Gemeinsam gingen sie zu einem Laptop. Die Ausgrabungen waren wirklich erstaunlich gut dokumentiert. Es dauerte eine ganze Weile, bis sie zu interessanten Bildern kamen. Aber dann konnte man die Lage des Skeletts sehr gut erkennen.

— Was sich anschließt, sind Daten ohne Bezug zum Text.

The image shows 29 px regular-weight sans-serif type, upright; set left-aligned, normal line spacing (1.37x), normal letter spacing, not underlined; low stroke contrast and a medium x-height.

Major Carson sagte: »Es sieht so aus, als ob er sich am hinteren Ende des Behälters festgehalten hat. Und dann ist er nach hinten geschleudert worden.«

Donovan fügte hinzu: »Und es scheint, als ob irgendetwas seinen Kopf abgerissen hätte.«

Der General sagte: »Donovan, haben Sie noch weitere Messungen vorgenommen? Etwas weiter hinten? Vielleicht finden wir den Kopf, wenn wir in einem größeren Radius suchen.«

»Wir haben in einem Radius von 15 Metern intensive Messungen vorgenommen. Darüber hinaus wurden bis zu einem Radius von 30 Metern stichprobenartige Messungen vorgenommen. Ich denke, wir haben sehr gründlich gearbeitet. Oh, da fällt mir ein, dass wir uns beim Alter geirrt haben.«

»Wie meinen Sie das?«, fragte Major Carson.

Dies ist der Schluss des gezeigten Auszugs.